黒服は守護都市中級相当の、言ってみればこのカジノの頼れる用心棒先生である。
いつもは筋肉と魔力を見せつけて厄介な客に大人しくしてもらう用心棒先生も、ジオを前にしては腰を低くし筋肉も黒服にしまっておくしかない。
「何故だ」
「ベルーガー卿の置かれております状況を踏まえ、ギルドより賭け事を禁止させるよう通達を受けております。
どうしてもというのであればご子息のセイジェンド様を同伴して頂くように、との事です」
借金をしているのにギャンブルに熱を上げるなというお達しである。
当たり前のことではあるが、それを伝える用心棒先生はとてもとても勇気を奮い立たせる必要があった。
このように英雄だけでも手に余るのに、さらに新たに厄介な客が現れた。
「何故、私が入れないのかしら」
蝶の仮面で顔を隠した貴婦人だった。
ホテルの宿泊客であるため最初は素通りしたのだが、仮面の下に隠された美しい素顔に気づいたスタッフが恐怖と共に用心棒先生に助けを求めたのだ。
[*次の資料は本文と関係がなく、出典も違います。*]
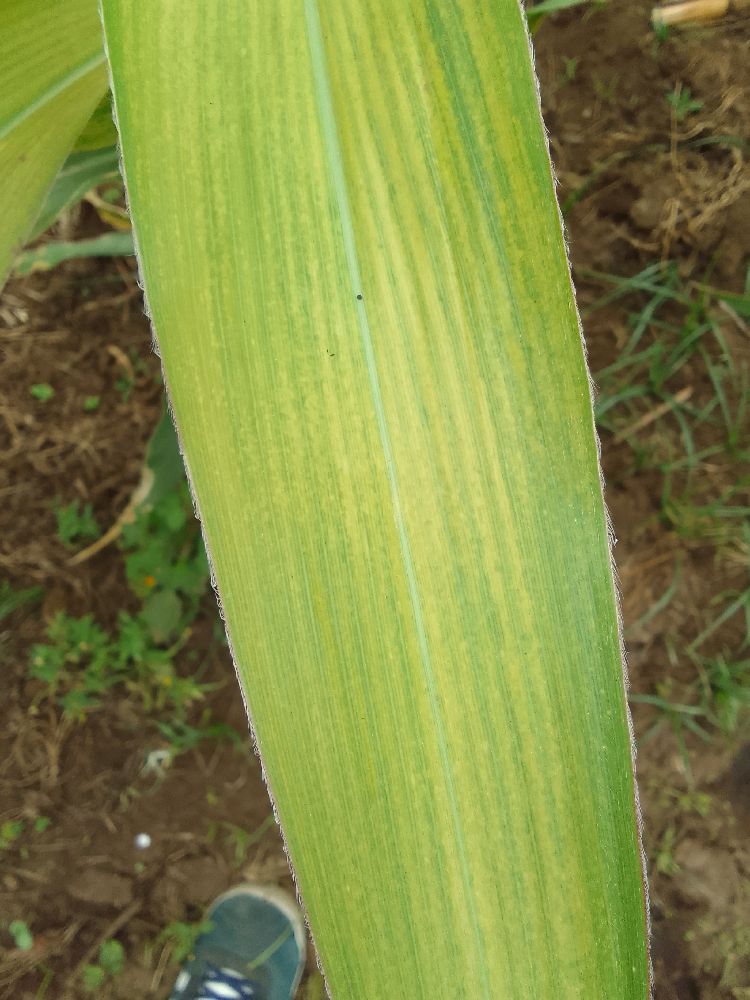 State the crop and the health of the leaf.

maize, maize lethal necrosis
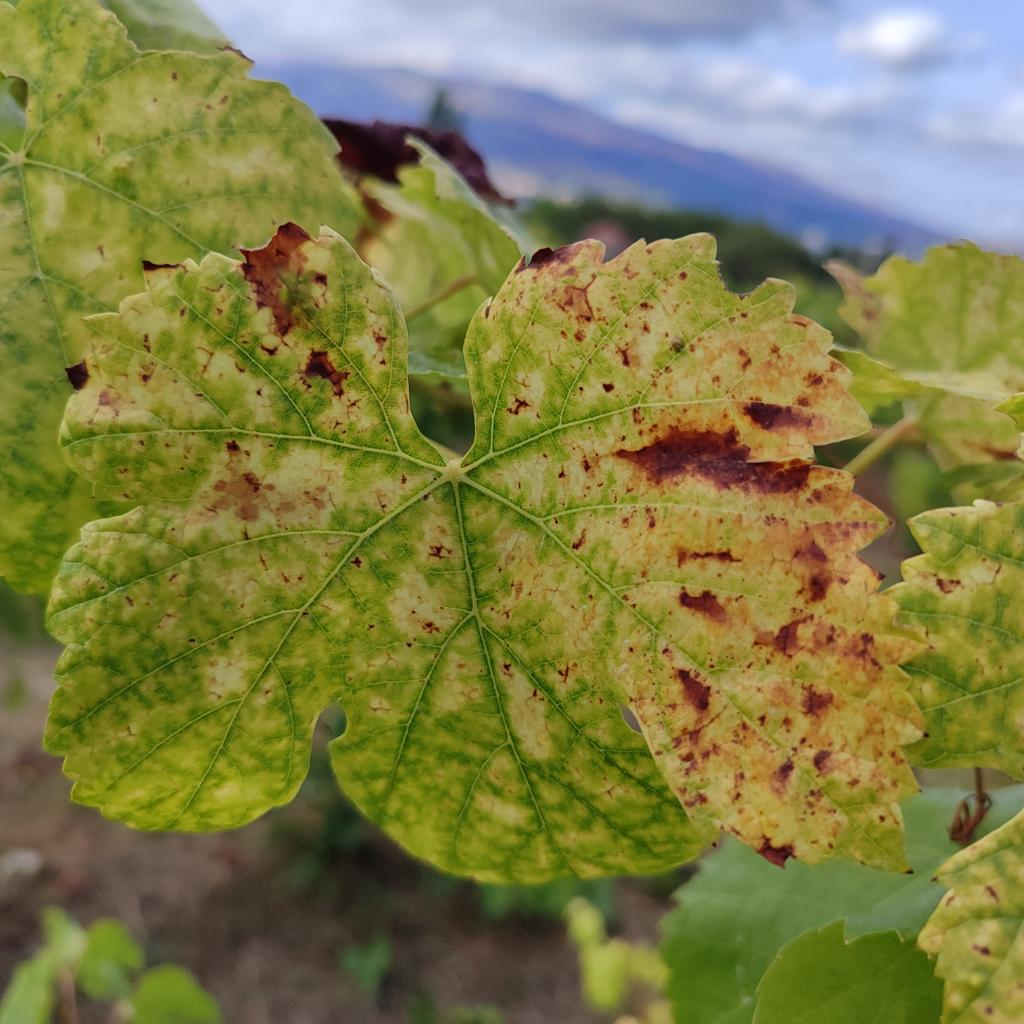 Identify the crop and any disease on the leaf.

grapevine, esca complex
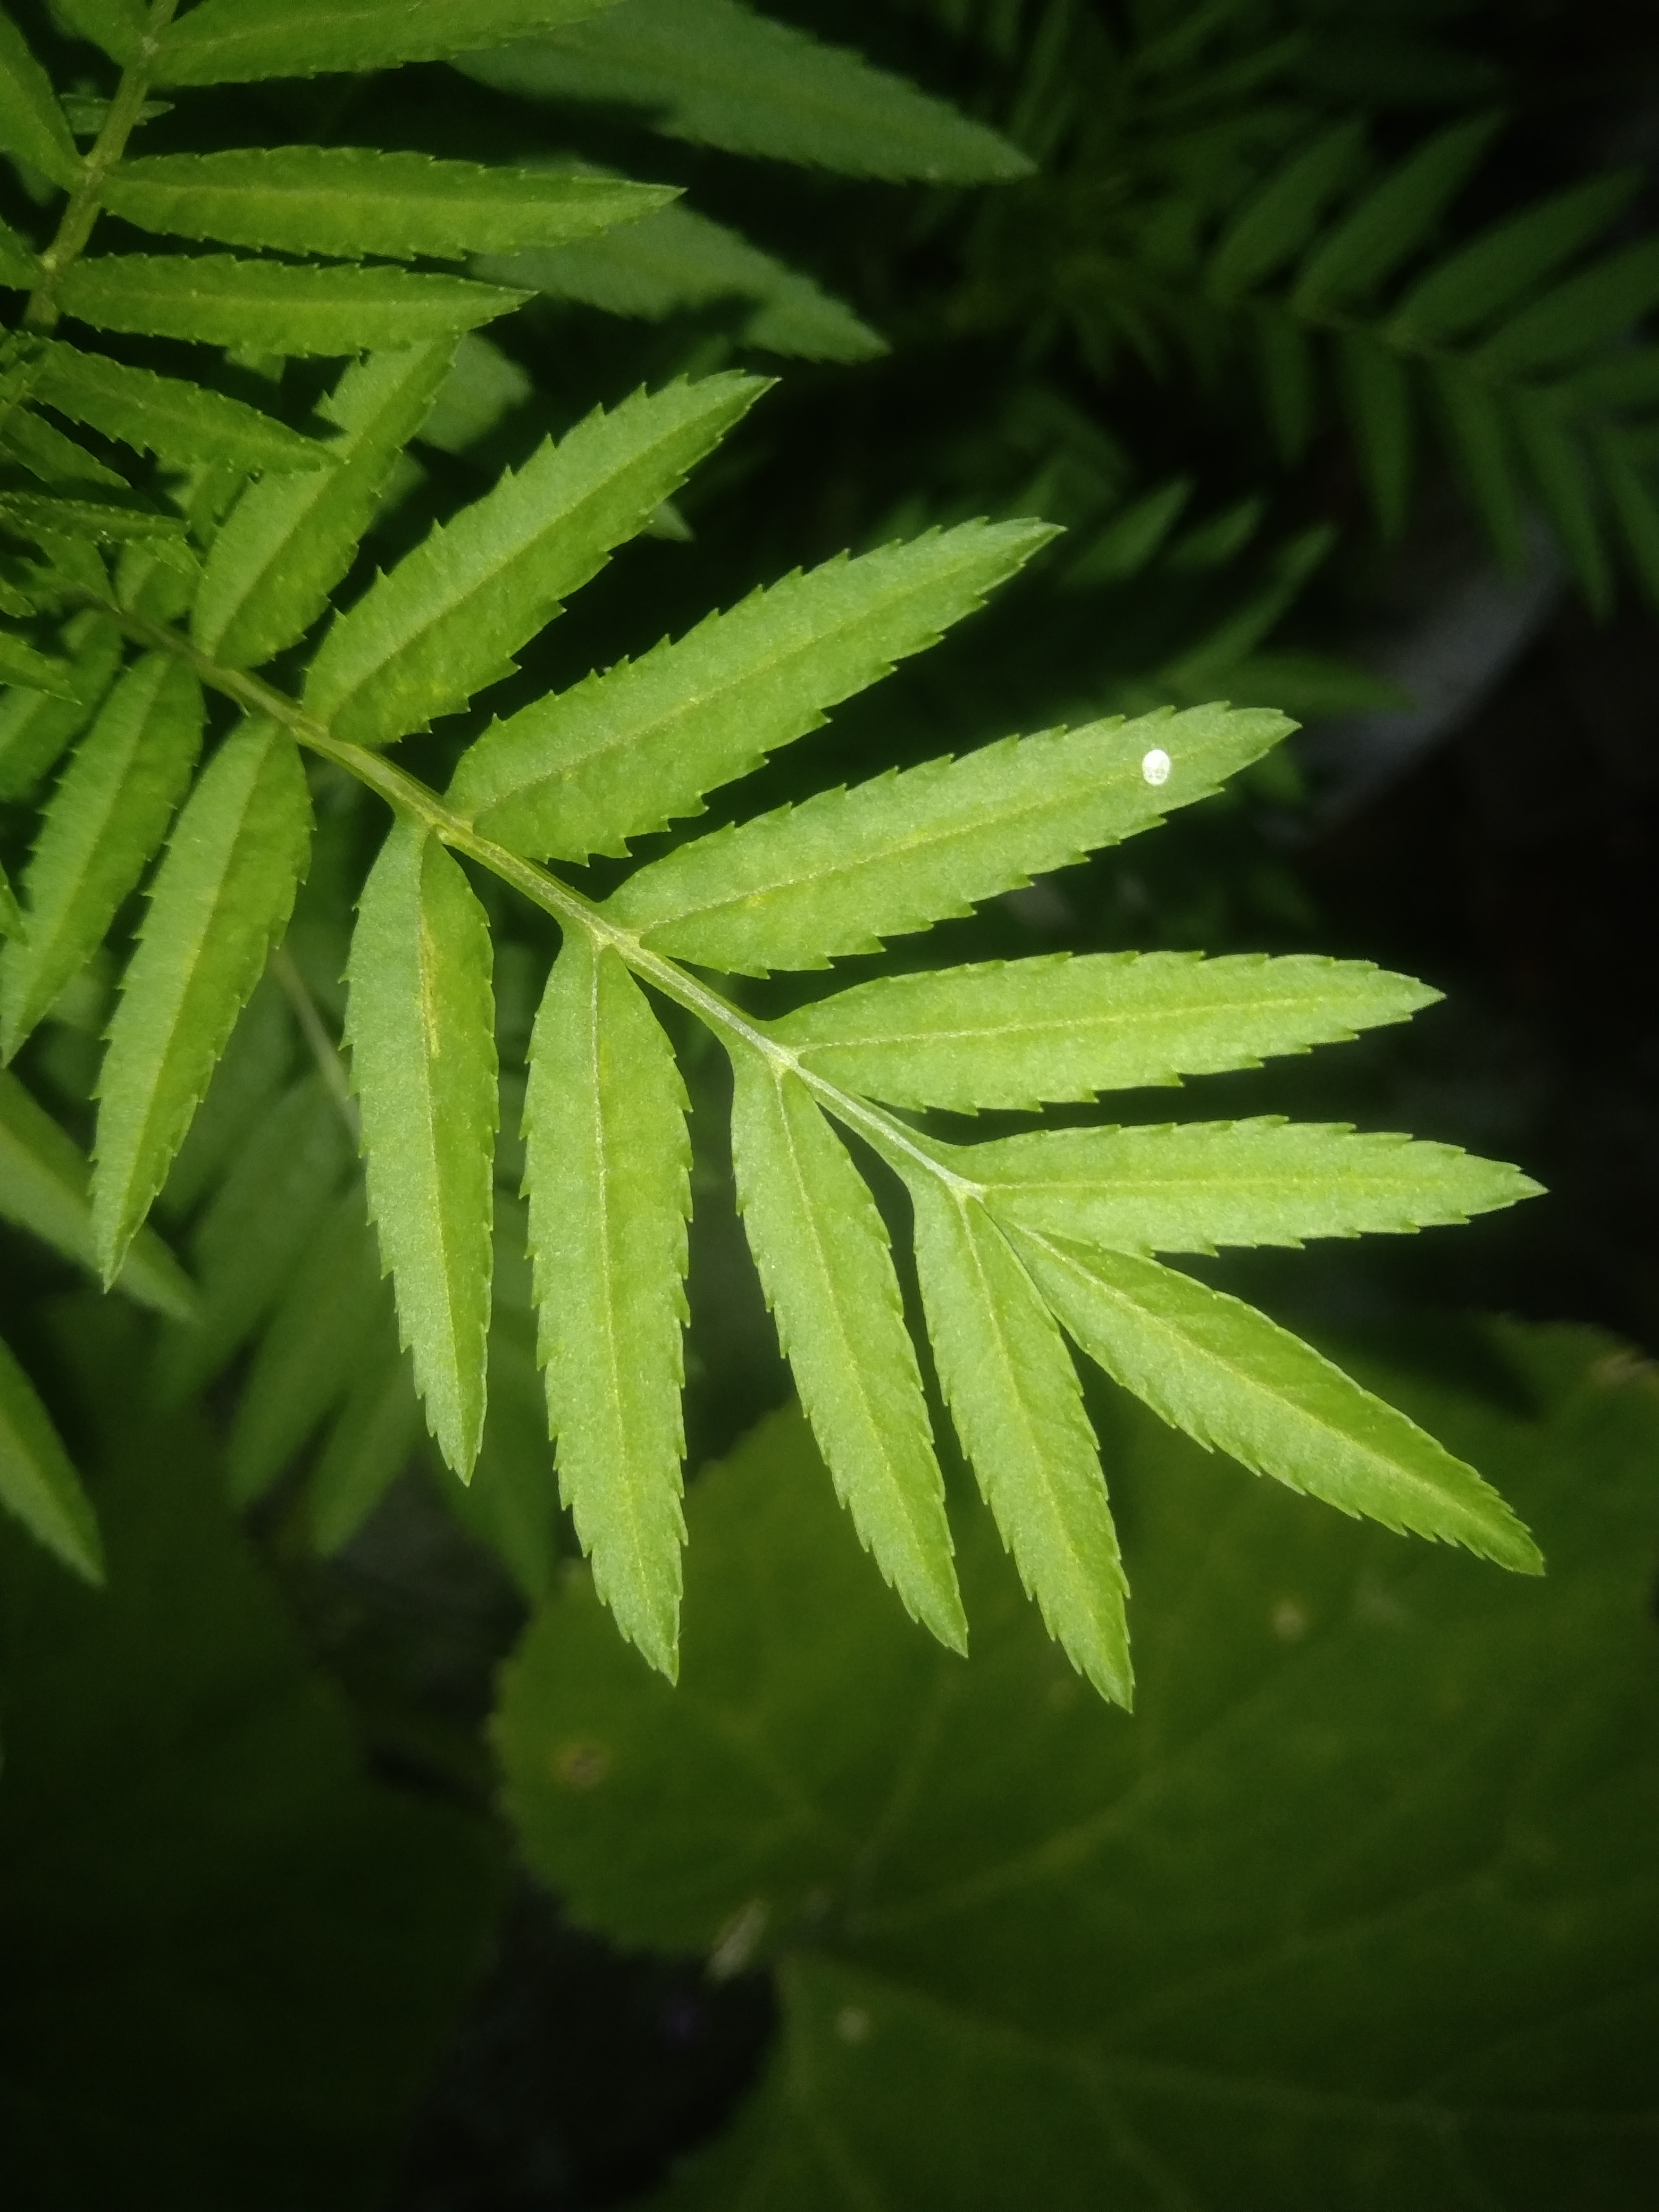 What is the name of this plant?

marigold

「ルヴィアお嬢様、あなたは強すぎます。我がカジノではお相手が出来ません。
ノーレートの勝負であればお受けいたしますが、真剣勝負を望まれるのであれば、どうぞ商業都市に帰られるまで我慢なさってください」
わがままな名家令嬢を威圧することは用心棒先生にとって簡単なのだが、すぐ近くには未だ納得していない英雄がいる。
用心棒先生も元は守護都市の騎士であったため、ここで魔力を使い令嬢を威圧すれば、英雄が同じことを自分にしてくると理解していたのだ。
「あなたたちがこれを返せと言うから、賭けに来たのよ。
カジノが求めるチップを私は持っている。
それなのに賭けることが出来ないの?
おかしな話ではないかしら」
ルヴィアがそう言って用心棒先生に見せたのは黄金のチップだ。
以前、八つのうち五つがルヴィアの手に落ち、取り返すことを諦めたカジノはチップの換金を求めた。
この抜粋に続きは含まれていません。